Wolf & Shepherd
- Company type: Private
- Founded: 2014
- Founder: Justin Schneider
- Headquarters: Los Angeles, California, U.S.
- Products: Dress shoe
- Website: wolfandshepherd.com

= Wolf and Shepherd =

Clothing company

Wolf and Shepherd (styled Wolf & Shepherd) is a men's dress shoe company. The company designs and sells Italian leather dress shoes using technology found in running sneakers. Wolf & Shepherd was founded in 2014 in Jacksonville Beach, Florida. In early 2017, Wolf & Shepherd relocated its headquarters to Los Angeles, California, where the company continues to operate.

==History==

Wolf & Shepherd was founded in 2014 by footwear designer, Justin Schneider. Prior to starting the company, Schneider was a decathlete competing for the University of Notre Dame. After retiring from competition, Schneider spent five years designing performance shoes and technology for footwear companies such as Adidas, Reebok and New Balance.

The idea for Wolf & Shepherd came when Schneider wanted to update traditionally uncomfortable dress shoes. A friend of Schneider made complaints about the discomfort his wood and nails dress shoes caused him on his commute to work.

Schneider began designing prototypes and experimenting with different technologies. Wolf & Shepherd shoes are designed using high-density ethylene vinyl acetate (HDEVA) cushioning, found in running shoes, a proprietary blend of memory foam and a carbon-fiber arch to provide stability and reduce the weight of the shoe. Schneider took the $25,000 grand prize at the McCloskey Business Plan Competition sponsored by the Mendoza College of Business at Notre Dame.
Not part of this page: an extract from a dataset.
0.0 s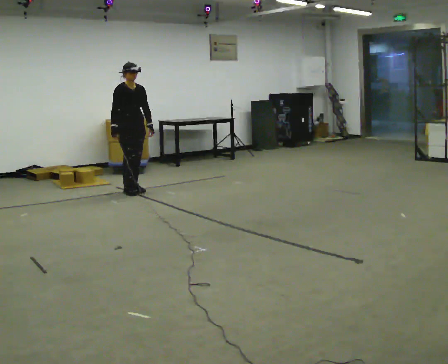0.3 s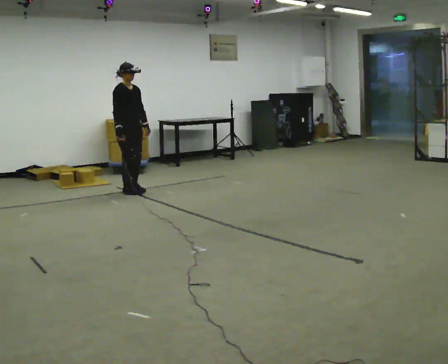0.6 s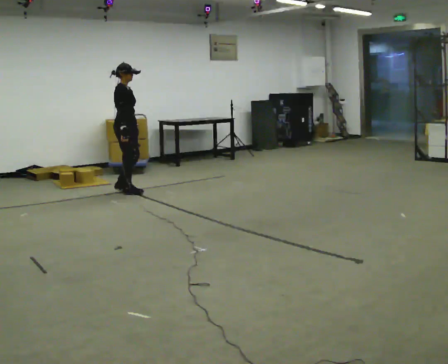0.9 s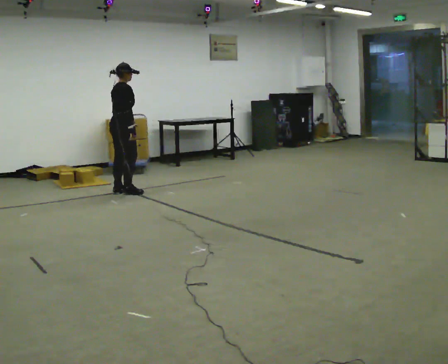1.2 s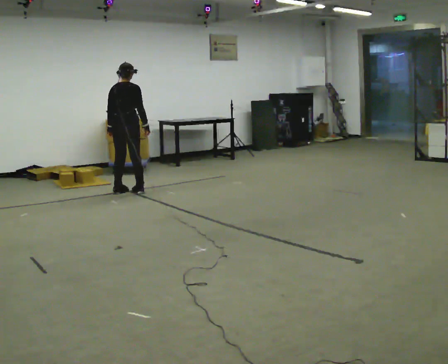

In 2016, the company competed in the Cupid's Cup Entrepreneur competition in Baltimore, hosted by Under Armour CEO Kevin Plank.

In June 2016, 23-year-old Juris Silenieks won the 'Hotline Half-Marathon', in Atlanta, Georgia, wearing a pair of Wolf & Shepherd Honey Cap Toe Lace-Up shoes. Sileniek's finishing time was named "The Fastest Half-Marathon Won in Dress Shoes".

Founder Justin Schneider was named to the Forbes 30 Under 30 Class of 2017 in the category of Retail in E-commerce.

==Products==

Wolf and Shepherd shoes are designed and crafted using Italian calf-skin, Parisian waxes and running shoe technology developed in Los Angeles, California. The shoes are hand-sewn in Porto, Portugal. Wolf and Shepherd offers various dress shoe styles including lace-ups, loafers and boots.